An introduction to crash reporting

Despite our best intentions, our programs will likely crash at one point or another. If this has happened on your own machine then you have your debugger at hand, but if it has happened on a user’s device this becomes more problematic.

A solution for this is crash reporting: a crash dump which is sent to you for debugging, as well as any relevant log files.

These crash dumps are usually minidumps, but will contain information about all the threads running and their callstacks.

The basic blocks

For simplicity, for now lets assume we’re talking about a PC or Mac application. At a high level, crash reporting is composed of four building blocks:

The source code and symbols for your executable.
Your program, which spawns a crash handler process when launched.
The crash handler executable, which monitors your program.
A remote service which the crash handler communicates a crash to.
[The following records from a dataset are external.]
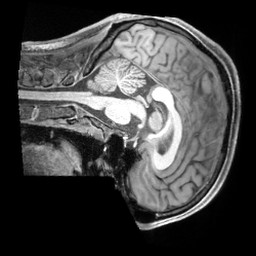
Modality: T1w
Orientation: sagittal
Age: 24
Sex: male
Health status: ill
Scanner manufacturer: siemens
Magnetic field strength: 3 T
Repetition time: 2.2 s
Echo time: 0.00218 s
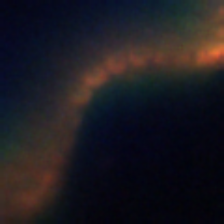
Taxon: Chaetoceros
Group: Diatoms
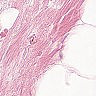
Metastatic tissue present: no
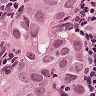
Metastatic tissue present: yes
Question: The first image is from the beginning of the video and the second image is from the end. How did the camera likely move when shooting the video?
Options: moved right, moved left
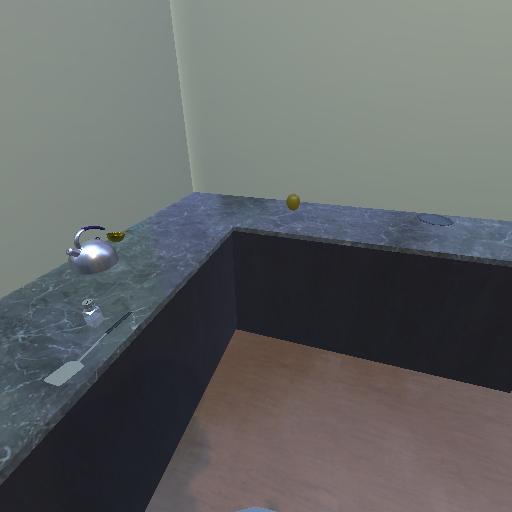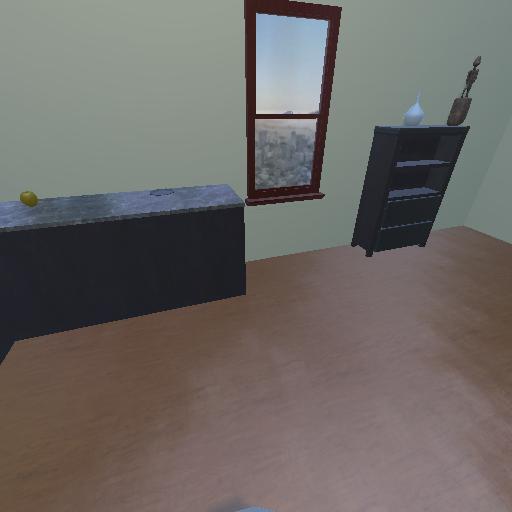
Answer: moved right
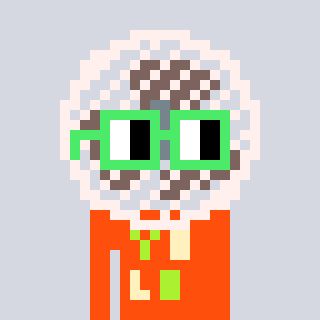
a pixel art character with square light green glasses, a fan-shaped head and a orange-colored body on a cool background
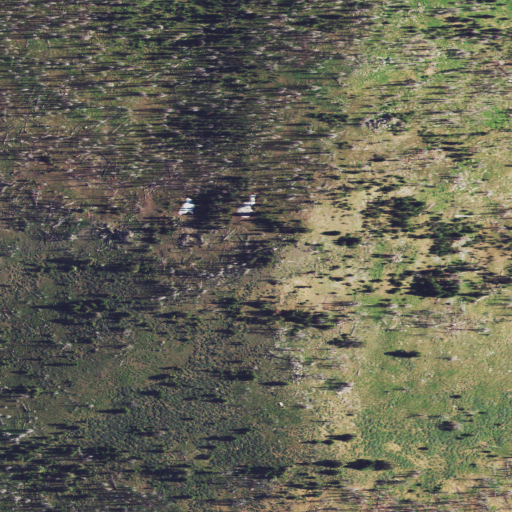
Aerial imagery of mountain in Idaho named John Day Mountain containing shrub, evergreen forest, and grassland
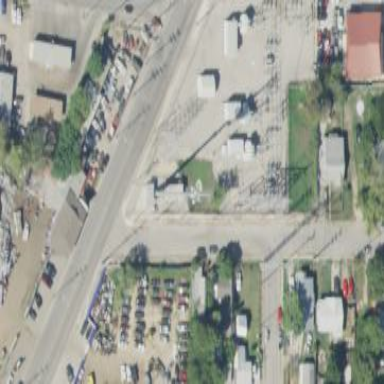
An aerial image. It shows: There is distribution substation enclosed by fence.
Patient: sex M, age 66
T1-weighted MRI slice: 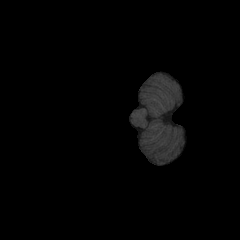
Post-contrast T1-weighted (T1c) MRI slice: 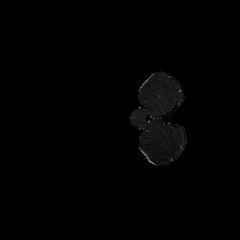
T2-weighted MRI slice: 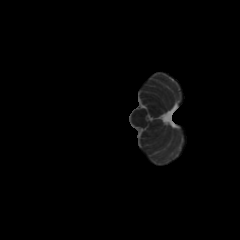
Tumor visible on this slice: no
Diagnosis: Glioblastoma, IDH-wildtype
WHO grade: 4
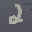
Label: 2
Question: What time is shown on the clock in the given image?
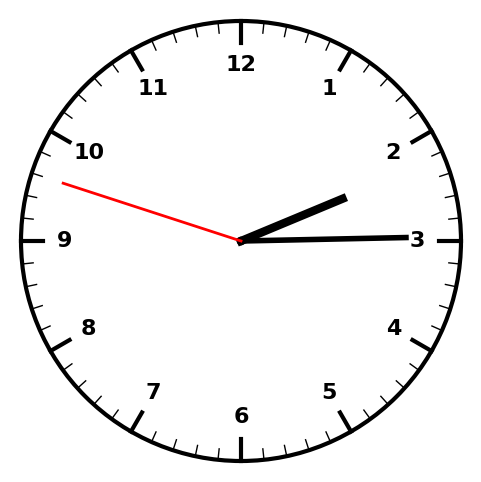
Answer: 02:14:48
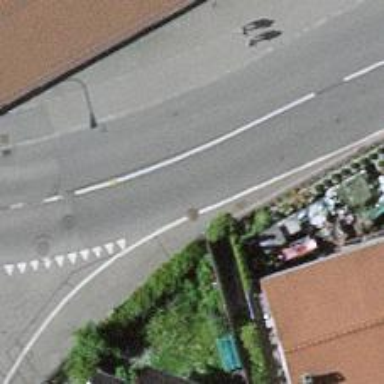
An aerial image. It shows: Secondary road with asphalt surface.
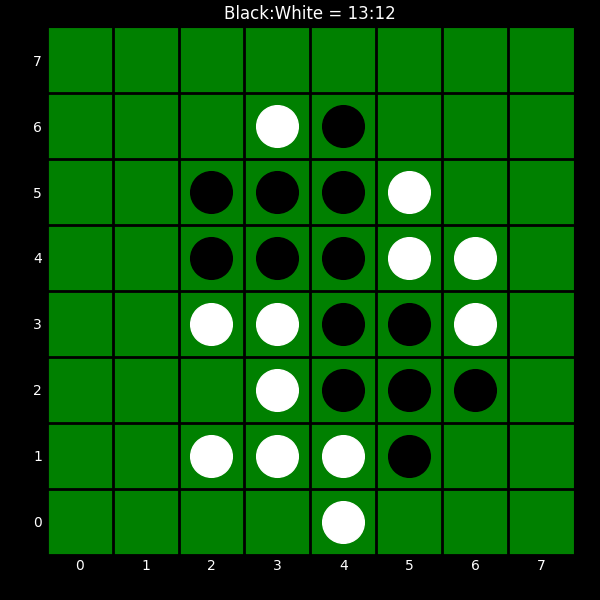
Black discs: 13
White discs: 12
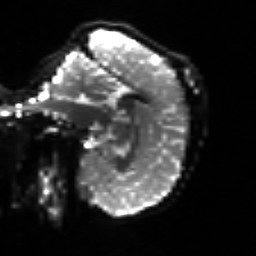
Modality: sbref
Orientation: sagittal
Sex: male
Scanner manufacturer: siemens
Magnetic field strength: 3 T
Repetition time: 5 s
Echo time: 0.071 s
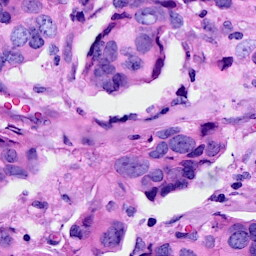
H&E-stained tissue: Breast
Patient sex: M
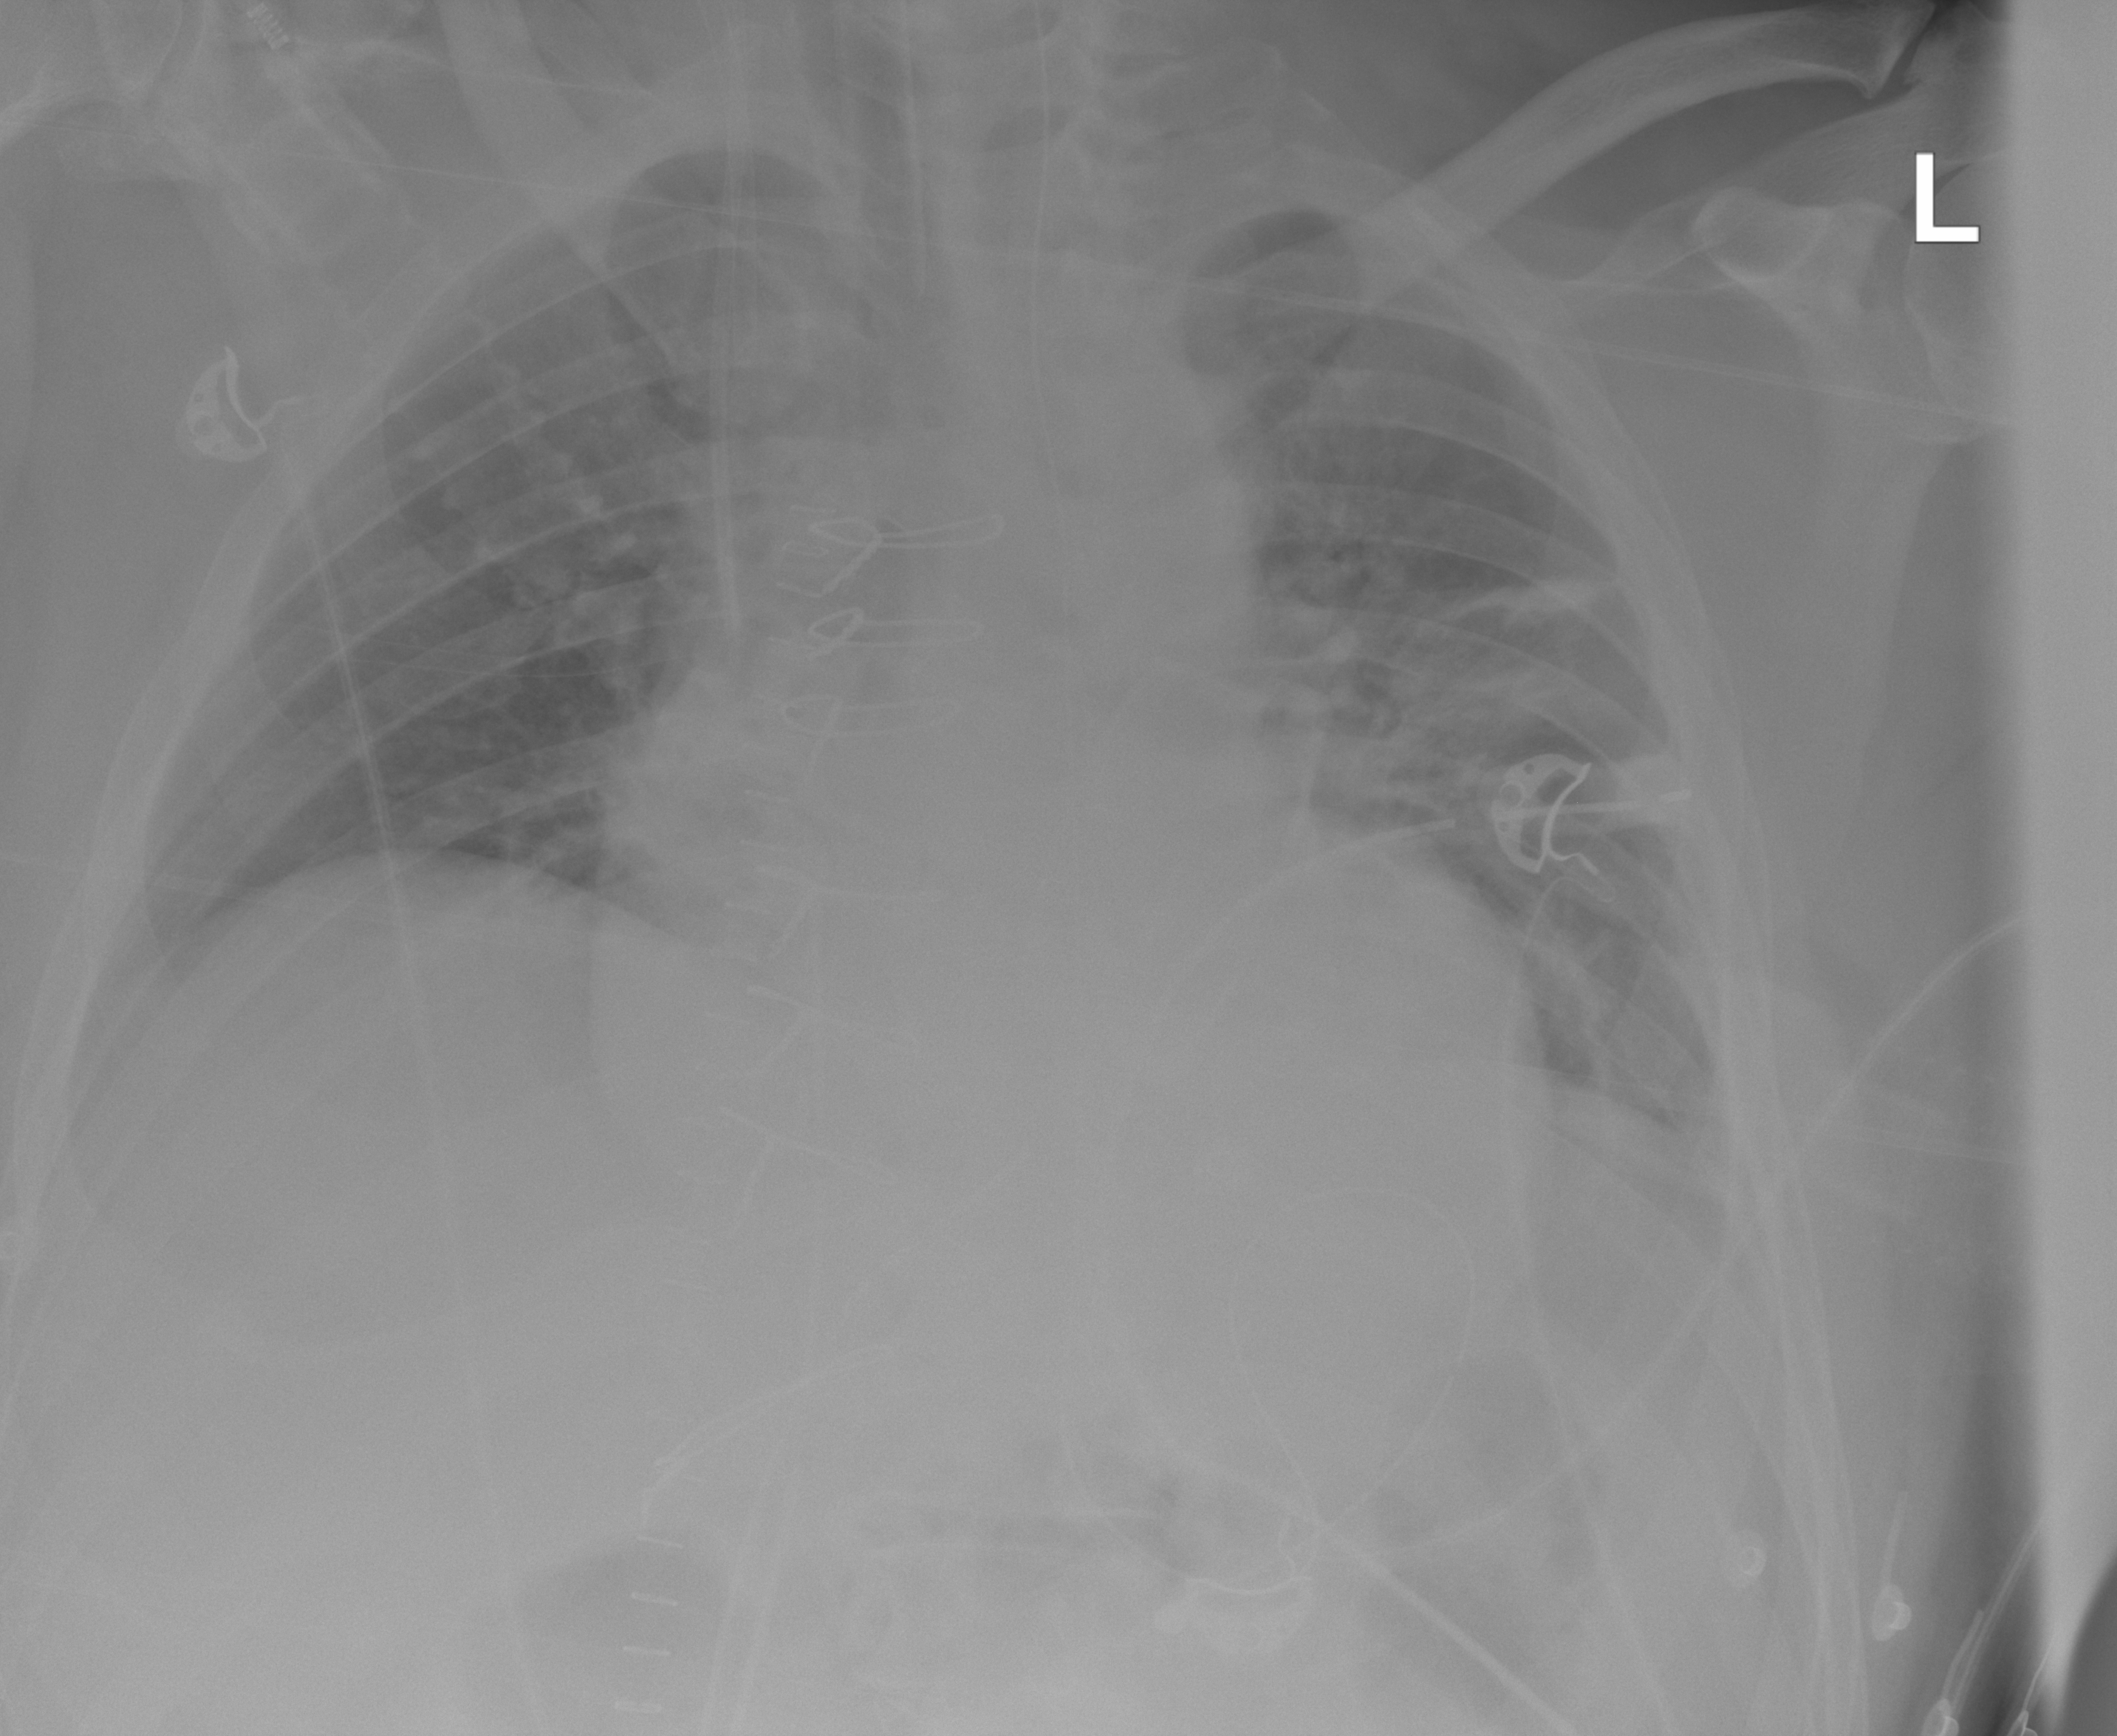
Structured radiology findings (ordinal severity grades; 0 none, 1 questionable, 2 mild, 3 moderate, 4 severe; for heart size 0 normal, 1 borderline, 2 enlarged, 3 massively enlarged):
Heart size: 0
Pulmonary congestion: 0
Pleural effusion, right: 0
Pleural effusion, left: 0
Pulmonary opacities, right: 0
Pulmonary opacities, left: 0
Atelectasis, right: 0
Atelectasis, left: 2
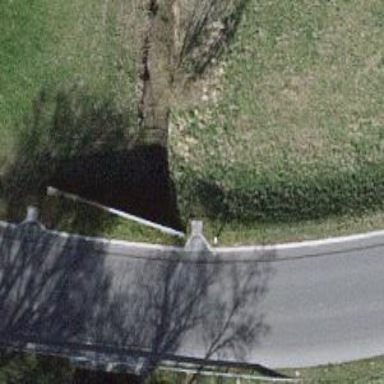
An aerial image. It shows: River flowing through tunnel.
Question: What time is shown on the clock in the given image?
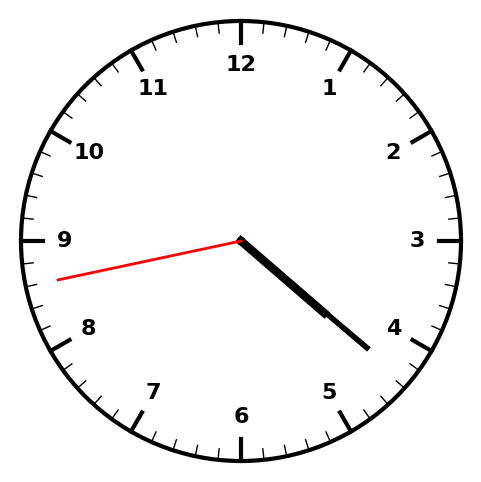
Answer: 04:21:43
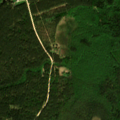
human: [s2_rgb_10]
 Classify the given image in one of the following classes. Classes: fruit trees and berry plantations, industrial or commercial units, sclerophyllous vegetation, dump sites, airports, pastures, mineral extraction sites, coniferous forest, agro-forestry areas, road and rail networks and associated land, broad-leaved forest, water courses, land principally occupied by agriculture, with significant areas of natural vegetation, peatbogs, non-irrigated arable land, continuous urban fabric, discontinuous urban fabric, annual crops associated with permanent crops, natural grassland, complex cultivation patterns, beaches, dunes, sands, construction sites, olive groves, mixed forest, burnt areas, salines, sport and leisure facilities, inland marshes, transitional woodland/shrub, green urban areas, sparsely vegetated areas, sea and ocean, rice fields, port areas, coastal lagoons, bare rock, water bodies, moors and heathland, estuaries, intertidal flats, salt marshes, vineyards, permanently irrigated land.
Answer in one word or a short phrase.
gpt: land principally occupied by agriculture, with significant areas of natural vegetation, broad-leaved forest, coniferous forest, mixed forest
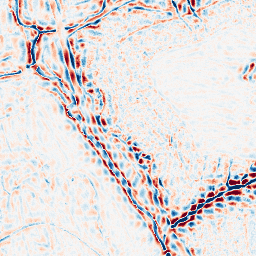
Category: wavelet
Decomposition family: wavelet_dwt
Decomposition parameters: wavelet: db8
level: 3
Upsampling method: quintic
Upsampling parameters: scale: 4
Upsampling scale: 4
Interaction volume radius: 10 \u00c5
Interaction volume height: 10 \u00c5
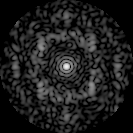
Disorder parameter: 0.6834
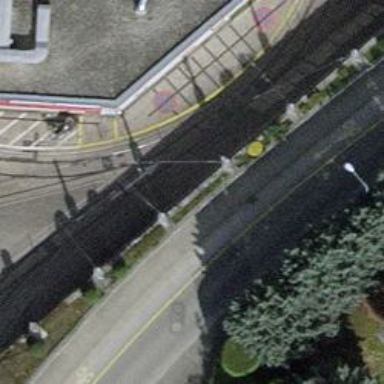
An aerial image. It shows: Service road in tram yard with 1 track. The electrified track has contact line.
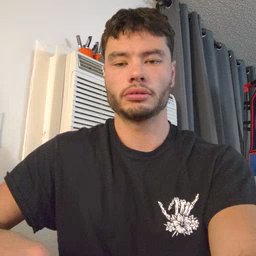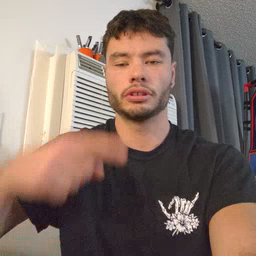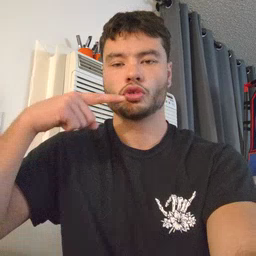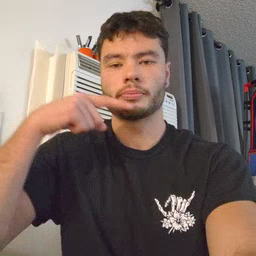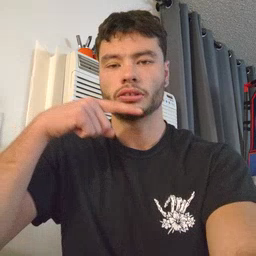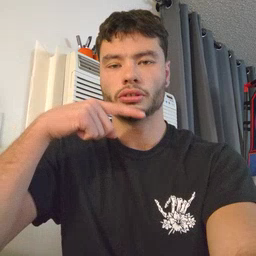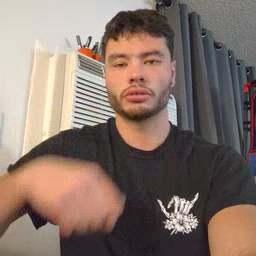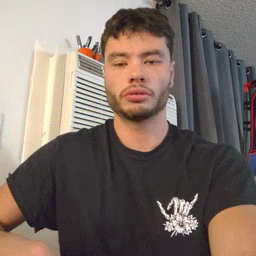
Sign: toothbrush
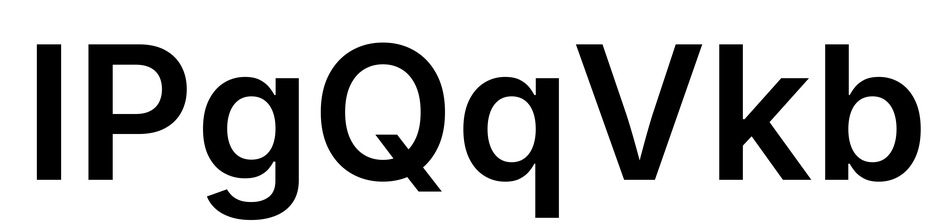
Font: Inter_SemiBold
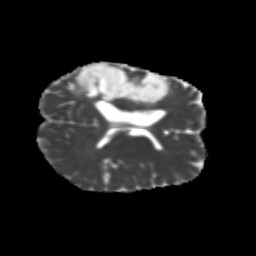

Although a program can monitor itself for a crash, it is deep in the land of undefined behaviour once a thread crashes. As such, it is better to rely on a dedicated crash handler executable which runs in parallel and does the heavy lifting.

Your program therefore needs to do the following: start the crash handler when it launches (the sooner the better!), intercept the unhandled exception which is raised by a crash, generate a minidump and pass this data to the crash handler.

The crash handler takes all of this data, collects any attachments you might be interested in (for example, log files) and sends everything to some server controlled by the developer, normally via a HTTP POST request.

The remote service receives this data, and depending on your integration, it can show you the exact callstack and the linked source code. Two such services are Bugsplat and Backtrace, both of which have free tiers for smaller projects and extensive documentation.

This is where you need the source code you’ve used to generate the program you’ve published, as well as the matching debug symbols. The crash dump you receive is mapped against those symbols, providing you with a functional callstack. Without the debug symbols, all you’ll have is a collection of memory addresses.

Integrations

If you are using a commercial engine, such as Unreal or Unity, then your life is greatly simplified: the engine developers have done the heavy lifting for you and integrated a crash handler. You’ll still need to do some work, such as setting up the crash ingestion service and configuring your engine to submit crashes to it.

If you are writing your own engine, you can integrate crashpad (if you’re using Backtrace, they have their own fork): it will provide you with a crash handler, setup everything necessary for your engine to generate minidumps and submit the resulting data to your crash ingestion service of choice.

Symbols

As mentioned before, to be able to resolve a minidump you’ll need matching debug symbols. Ideally you’d upload the debug symbols automatically to the crash ingestion service as part of your release pipeline, but you can also upload the symbols manually.

The last thing you need is to start getting crash reports and not be able to resolve the callstacks, so definitely spend time making sure this is working as expected.

Edge cases

If you are working on Microsoft or Sony consoles, they have in-built crash reporters which will provide some information to the developer. These can be temperamental and need some time to setup, as well as a thorough read of the documentation.
If for some reason you don’t want to (or can’t) have a separate process to handle a crash, you can write out the minidump to a temporary directory or drive, and upload it to your crash ingestion service the next time the process is booted.
Don’t try to submit the crash report from the crashed process unless you have a great deal of time in your hands to debug your crash reporting code. Particularly with Unreal, it’s not going to have a happy ending.

Final words

Integrating a proper crash reporting system can greatly improve the health of your program, giving you considerably more visibility over crashes and situations you can’t reproduce locally for one reason or another. It does take time to setup everything properly, but it is vastly superior from having to figure out crashes from log files alone.